I want to prove that $$\int_{\Bbb R}\frac{\cos x}{(x^2+t^2)^2}dx=\frac{\pi(t+1)}{2t^3e^t},t > 0$$
Integral calculator with steps gives the following answer.
$\displaystyle\int_{\Bbb R}\frac{\cos{(x)}}{(x^2+t^2)^2 }dx=\frac{(t*\cosh{(t)}-\sinh{(t)})*Si(x+it)-i*(t*\sinh{(t)}-\cosh{(t)})*Ci(x+it)+(t*\cosh{(t)}-\sinh{(t)}*Si(x-it)+i*(t*\sinh{(t)}-\cosh{(t)})*Ci(x-it)}{4*t^3}+\frac{x*\cos{(x)}}{2*t^2*(x^2+t^2)}+C$
Now my question is how to evaluate $Si{(x+it)},Ci(x+it),Si(x-it),Ci(x-it)?$
My another question is how to prove this equation using "Differentiation under Integral Sign making change of variables"

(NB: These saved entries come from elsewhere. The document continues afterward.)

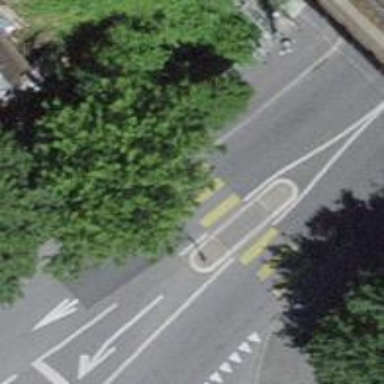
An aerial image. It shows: Uncontrolled zebra crossing with island. The crossing is marked with zebra stripes.
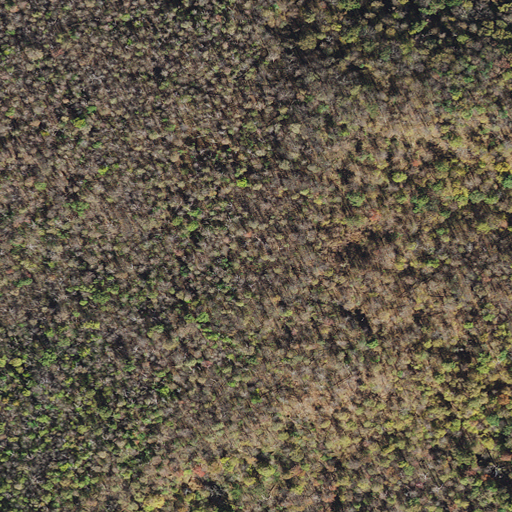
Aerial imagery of mountain in Maryland named Pine Hill containing only deciduous forest
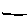
Label: line
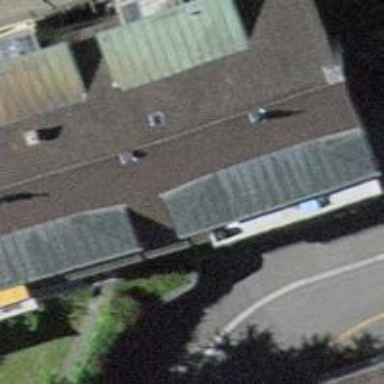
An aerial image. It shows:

First let's solve an easier integral that doesn't have the denominator squared, namely:$$y(t)=\int_0^\infty \frac{\cos(tx)}{\color{blue}{1+x^2}}dx=\int_0^\infty \cos(tx){\color{blue}{\int_0^\infty \sin y e^{-xy}dy}}dx$$ $$={\int_0^\infty}\sin y{\color{red}{\int_0^\infty \cos(tx)e^{-xy}dx}}dy=\int_0^\infty \frac{{\color{red}y}\sin y}{{\color{red}{t^2+y^2}}}dy $$ $$\overset{y=tx}=\int_0^\infty \frac{x\sin(tx)}{1+x^2}dx=-y'(t)\Rightarrow \frac{y'(t)}{y(t)}=-1 \Rightarrow y(t)=c\cdot e^{-t}$$ $$y(0)=\int_0^\infty \frac{dx}{1+x^2}=\frac{\pi}{2}\Rightarrow c=\frac{\pi}{2}\Rightarrow y(t)=\frac{\pi}{2}e^{-t}$$ $$y(t)\overset{tx=z}=t\int_0^\infty\frac{\cos z}{t^2+z^2}dz\Rightarrow\boxed{\int_{-\infty}^\infty\frac{\cos x}{t^2+x^2}dx=\frac{\pi}{t}e^{-t},\ t>0}$$
Now in order to find the desired integral, we will differentiate under the integral sign, with respect to $t$ then divide by $-2t$, since:
$$\frac{d}{dt}\int_{-\infty}^\infty\frac{\cos x}{t^2+x^2}dx=-2t\int_{-\infty}^\infty\frac{\cos x}{(t^2+x^2)^2}dx=\frac{d}{dt}\left(\frac{\pi}{t}e^{-t}\right)$$ $$\Rightarrow \int_{-\infty}^\infty\frac{\cos x}{(t^2+x^2)^2}dx=-\frac{1}{2t}\frac{d}{dt}\left(\frac{\pi}{t}e^{-t}\right)=\frac{\pi(t+1)}{2t^3}e^{-t},\ t>0$$